Георг не помнил в подробностях, что он написал в заявлении.

— Но в одном я уверен, — сказал Георг, — в заявлении написано, что я с превеликой радостью покинул бы эту страну хоть сегодня. Теперь мне уже лучше, я почти человек. Отдав заявление, помчался искать вас, не терпелось вас увидеть.

Георг положил ладонь мне на макушку, другой рукой потянул за ухо Эдгара.

— Это всё потому, что ты мало веришь в себя, — сказал Эдгар. — Тебе пришлось перехитрить себя самого. Никто из нас не стал бы тебя уговаривать, ни слова, ни полслова не сказал бы.

Портниха из поездки в Венгрию не вернулась.

— Вот уж никто бы не подумал, — сказала Тереза.

Гадание на картах было портнихиным прикрытием, никто ее не разглядел.

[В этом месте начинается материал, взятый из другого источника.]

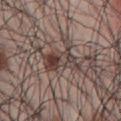patient = male, roughly 70 years of age; TBP lesion metrics = a nevus-likeness score of about 95/100; location = the front of the torso; lesion size = ≈5.5 mm; tile lighting = white-light illumination; acquisition = ~15 mm tile from a whole-body skin photo.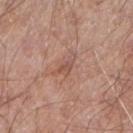| feature | finding |
|---|---|
| notes | no biopsy performed (imaged during a skin exam) |
| body site | the right forearm |
| image | 15 mm crop, total-body photography |
| subject | male, aged 63 to 67 |

Тереза чувствовала себя обиженной: она же заказала портнихе привезти из Венгрии золотой четырехлистный клеверок для цепочки, она ни сном ни духом не догадывалась, что портниха решила остаться за границей.

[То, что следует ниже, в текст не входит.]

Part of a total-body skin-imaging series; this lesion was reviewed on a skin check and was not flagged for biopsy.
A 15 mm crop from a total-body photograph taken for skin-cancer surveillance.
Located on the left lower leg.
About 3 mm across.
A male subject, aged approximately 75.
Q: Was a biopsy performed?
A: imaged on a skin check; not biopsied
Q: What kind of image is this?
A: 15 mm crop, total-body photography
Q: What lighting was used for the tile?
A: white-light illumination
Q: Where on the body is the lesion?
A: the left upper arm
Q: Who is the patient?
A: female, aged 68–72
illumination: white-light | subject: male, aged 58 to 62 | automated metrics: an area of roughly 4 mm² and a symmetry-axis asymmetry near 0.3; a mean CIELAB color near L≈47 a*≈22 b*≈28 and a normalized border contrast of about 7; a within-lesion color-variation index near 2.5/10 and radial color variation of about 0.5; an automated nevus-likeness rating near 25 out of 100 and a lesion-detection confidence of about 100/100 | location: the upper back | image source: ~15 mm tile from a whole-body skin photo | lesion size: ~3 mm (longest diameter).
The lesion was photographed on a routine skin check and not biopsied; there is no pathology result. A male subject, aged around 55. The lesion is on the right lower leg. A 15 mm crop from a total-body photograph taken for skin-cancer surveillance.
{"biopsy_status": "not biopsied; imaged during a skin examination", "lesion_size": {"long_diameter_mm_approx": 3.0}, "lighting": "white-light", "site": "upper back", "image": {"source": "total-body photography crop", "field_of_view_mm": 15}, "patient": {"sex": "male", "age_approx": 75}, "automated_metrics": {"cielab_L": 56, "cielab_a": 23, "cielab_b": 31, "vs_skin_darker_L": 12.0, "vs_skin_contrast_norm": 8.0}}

— С детьми в ее квартире живет сейчас бабушка, — сказала Тереза.

Когда Тереза вошла в комнату, бабушка сидела возле швейной машинки. Как будто это ее обычное место. Дети называли ее мамой, и Терезе почудилось, будто это и впрямь портниха, а никакая не бабушка.

— Она совсем как портниха, только на двадцать лет старше, — сказала Тереза. — Даже не по себе делается, когда замечаешь такое удивительное сходство. Бабушка разговаривает с детьми по-венгерски. А ты знала, что портниха венгерка? Почему она это скрывала?

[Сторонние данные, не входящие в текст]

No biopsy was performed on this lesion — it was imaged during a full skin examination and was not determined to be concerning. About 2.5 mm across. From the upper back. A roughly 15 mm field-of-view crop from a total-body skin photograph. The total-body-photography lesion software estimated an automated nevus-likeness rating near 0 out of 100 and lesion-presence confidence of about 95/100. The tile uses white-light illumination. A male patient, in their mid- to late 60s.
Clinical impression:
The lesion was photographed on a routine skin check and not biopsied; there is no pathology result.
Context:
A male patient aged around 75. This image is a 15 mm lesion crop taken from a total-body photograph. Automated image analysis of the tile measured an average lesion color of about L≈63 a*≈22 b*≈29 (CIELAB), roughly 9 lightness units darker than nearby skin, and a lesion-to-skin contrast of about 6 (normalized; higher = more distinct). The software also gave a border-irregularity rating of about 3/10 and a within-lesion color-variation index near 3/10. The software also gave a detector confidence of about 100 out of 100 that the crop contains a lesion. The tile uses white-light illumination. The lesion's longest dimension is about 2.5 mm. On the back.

— Потому что мы не говорим по-венгерски, — сказала я.

— Но мы и по-немецки не разговариваем, — возразила Тереза, — а все же знаем, что ты вот — немка. Дети еще не почувствовали, что мамы у них больше нет. Долго ли еще будут они говорить: «Наша мама в Вене, копит на автомобиль?» — говорить и не плакать.

«Орех» под мышкой у Терезы сделался величиной со сливу и, созревая, в середке синел. Береза с дверной ручкой на стволе смотрела в комнату. Тереза шила себе платье, меня попросила помочь обметать петли и потайным швом подшить подол.

— У меня, когда петли обметываю, получается грубо и неряшливо, — объяснила Тереза, — а подол весь сикось-накось.

Терезин приятель, врач, которого я только однажды видела с ней в городе, работал в партийной больнице. У него были дневные и ночные дежурства. Он лечил позвоночник Терезиного отца, расширение вен Терезиной матери и склероз Терезиной бабушки. Обследовать Терезу он отказался.

«Я днем и ночью только и вижу больных да больных, — объяснил он Терезе, — просто с души воротит. С тобой я не хочу быть доктором». И еще сказал, что ей надо пойти к тому врачу, который раньше ее лечил. Когда Тереза пересказывала, что ей говорил прежний врач, ее приятель бормотал: «Ну, ему видней», — и качал головой. А прежний врач, если верить Терезе, которая вообще вряд ли к нему ходила, сказал, пусть узел разрастется, тогда можно будет его вырезать, но не раньше.

— То, что мужчина, которого я люблю, не хочет меня обследовать, как-то отчуждает, — сказала Тереза. — А с другой стороны, было бы неприятно, если б он взялся меня лечить. Ведь тогда я стала бы для него как все, чья плоть проходит через его руки, во мне не осталось бы никакой тайны.